Wood burning fire pits give the most authentic outdoor fire experience, but a wood burning fire requires the most attention. Here’s a couple of quick tips to remember:
- Be sure to clear away brush and dead or dry vegetation in a 10’-20’ circle around your fire pit;
- Fire pits should be 25 feet from any structure – Don’t place your fire pit under a covered porch or under any low hanging trees where errant sparks and heat might ignite dry foliage and branches.
- ALWAYS use a spark screen so that sparks cannot escape the fire (especially with wet or sappy wood).

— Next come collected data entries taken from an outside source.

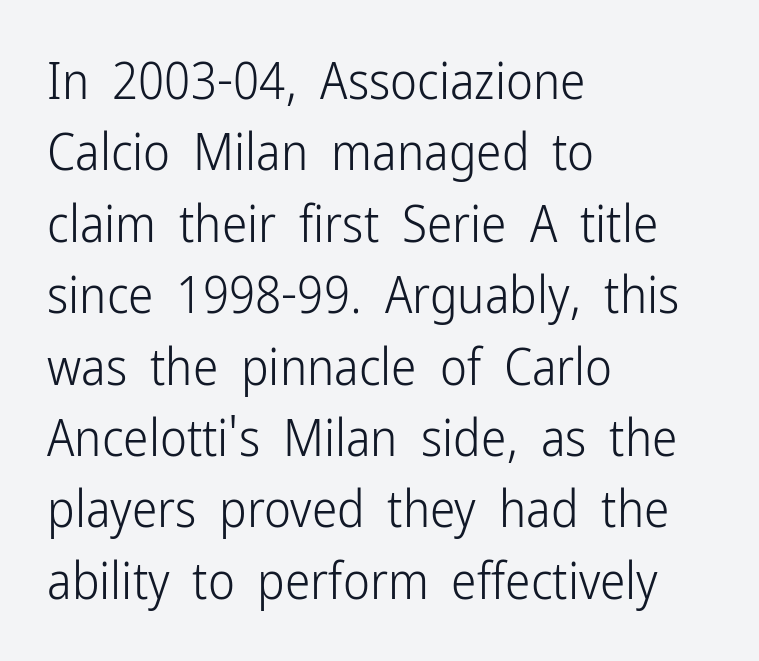
Spacing between characters is what you'd get straight out of the box. Posture: straight, roman, zero tilt. The gap between lines stays unmarked. Is this a fixed-width face? No — the glyphs have proportional, varying widths.
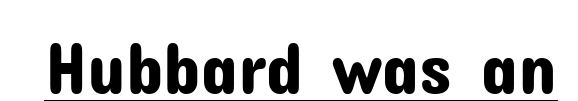
The image shows 74 px sans-serif type, upright; set normal letter spacing, underlined; low stroke contrast and a medium x-height.
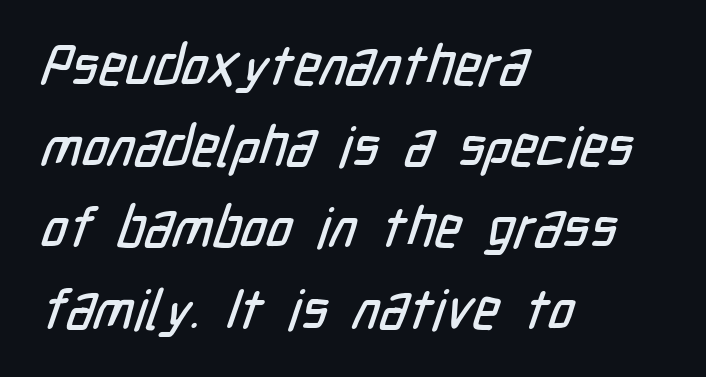
Q: Is the typeface a serif or a sans-serif typeface? A: Sans-serif.
Q: Is the text underlined? A: No.
Q: How is the paragraph aligned? A: Left-aligned.
Q: Is the spacing between letters normal or unusually wide? A: Normal.
Q: Is the spacing between lines tight, normal or loose? A: Normal.
Q: Width (condensed, normal, or wide)? A: Condensed.
Q: Stroke contrast? A: Low.
Q: x-height? A: Medium.
Q: Monospaced? A: No.
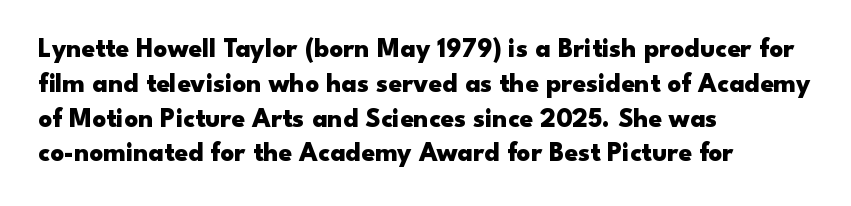
Q: Is the text bold? A: Yes.
Q: Is the text italic (slanted)? A: No, it is upright.
Q: Is the text underlined? A: No.
Q: How is the paragraph aligned? A: Left-aligned.
Q: Is the spacing between letters normal or unusually wide? A: Normal.
Q: Is the spacing between lines tight, normal or loose? A: Normal.
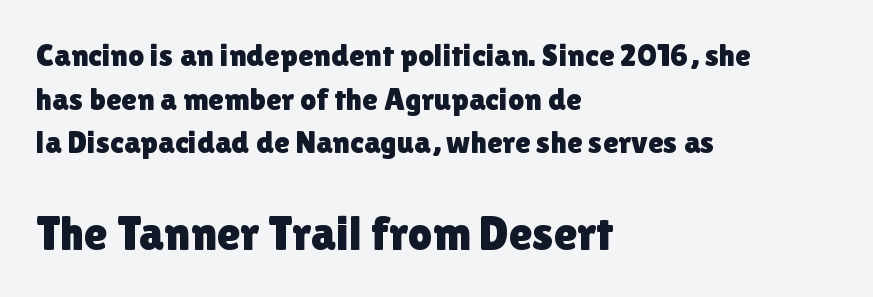
{"serif": "no", "italic": "no", "width": "normal", "x_height": "medium", "monospaced": "no", "underline": "no", "align": "left", "line_spacing": "normal", "line_spacing_ratio": 1.36, "letter_spacing": "normal", "letter_spacing_em": 0.0, "larger_block": "second", "size_ratio": 1.5, "glyph_px": 48}
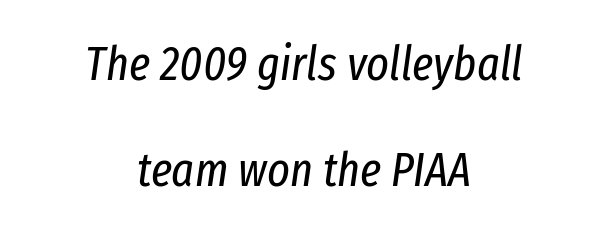
Q: Is the text bold? A: No.
Q: Is the text italic (slanted)? A: Yes, it leans right by about 8 degrees.
Q: Is the text underlined? A: No.
Q: How is the paragraph aligned? A: Centered.
Q: Is the spacing between letters normal or unusually wide? A: Normal.
Q: Is the spacing between lines tight, normal or loose? A: Loose.
Q: Width (condensed, normal, or wide)? A: Condensed.
Q: Stroke contrast? A: Low.
Q: x-height? A: Medium.
Q: Monospaced? A: No.
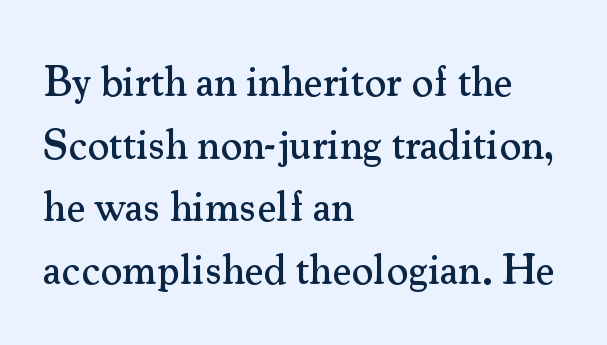
The image shows 42 px serif type, upright; set left-aligned, normal line spacing (1.49x), normal letter spacing, not underlined; medium stroke contrast and a small x-height.
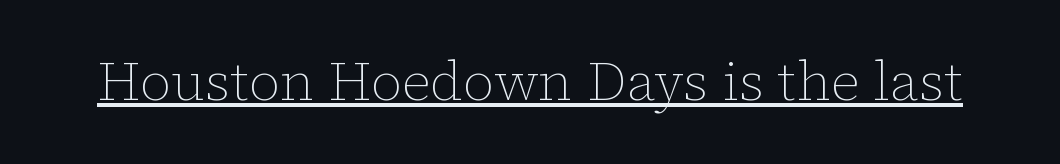
Bold? No — there's no thickening of the strokes. The face used here is rendered with its standard letterfit. Italic? Not at all — the glyphs are vertical. Spacing verdict: proportional, widths tailored to each character.
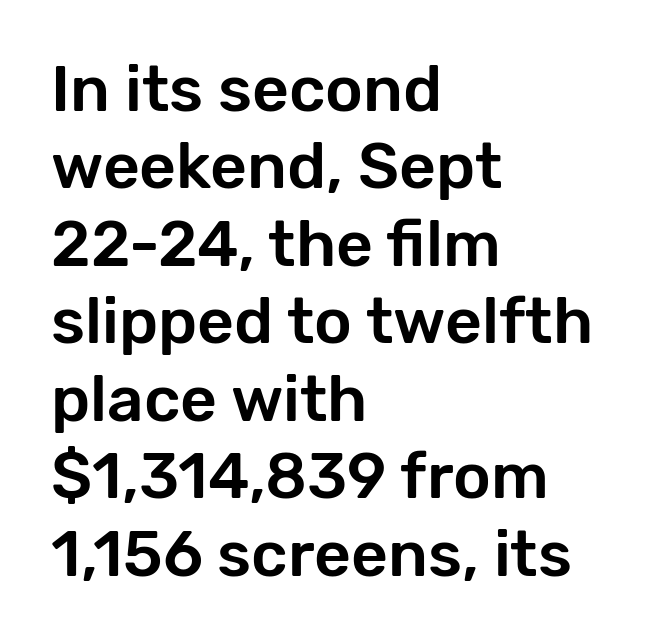
Grotesque or geometric, the face here clearly has no serifs. Line beginnings align vertically; line endings do not. The specimen reads as upright at a glance. The horizontal fit of the characters is conventional and even. Varying glyph widths throughout — classic text-font behaviour.

- Keep fire extinguishing items immediately on-hand and nearby the fire pit (e.g., water hose, shovel, water bucket, fire extinguisher).
- Always use personal protective equipment. Use a poker or log grabber to move and arrange logs and never try to move a portable fire pit if it’s hot.
- Do not use lighter fluids to start your fires. They can be unpredictable and dangerous. Instead, use kindling and build your fire up slowly so that it is always under control and manageable.
Liquid Propane (LP) and natural gas (NG) fire pits require less attention and tending and are more convenient and easy to light, but that doesn’t mean that you should be any less diligent and cautious.
Every time you intend to use your LP or NG fire pit you should:
- Check all the hoses, valves and attachments to make sure there are no leaks or holes before you introduce any kind of flame or spark for ignition.
- If your fire pit runs on a pilot-light be sure to check it from time to time to make sure it hasn’t been blown out and that combustible gases aren’t filling your fire area.
- Always know how and where to shut of your LP or NG supply in case of an emergency.
Backyard fire pits are lovely additions to any outdoor décor. Protect yourself, your family and your home by using safe fire tending practices and a little common sense.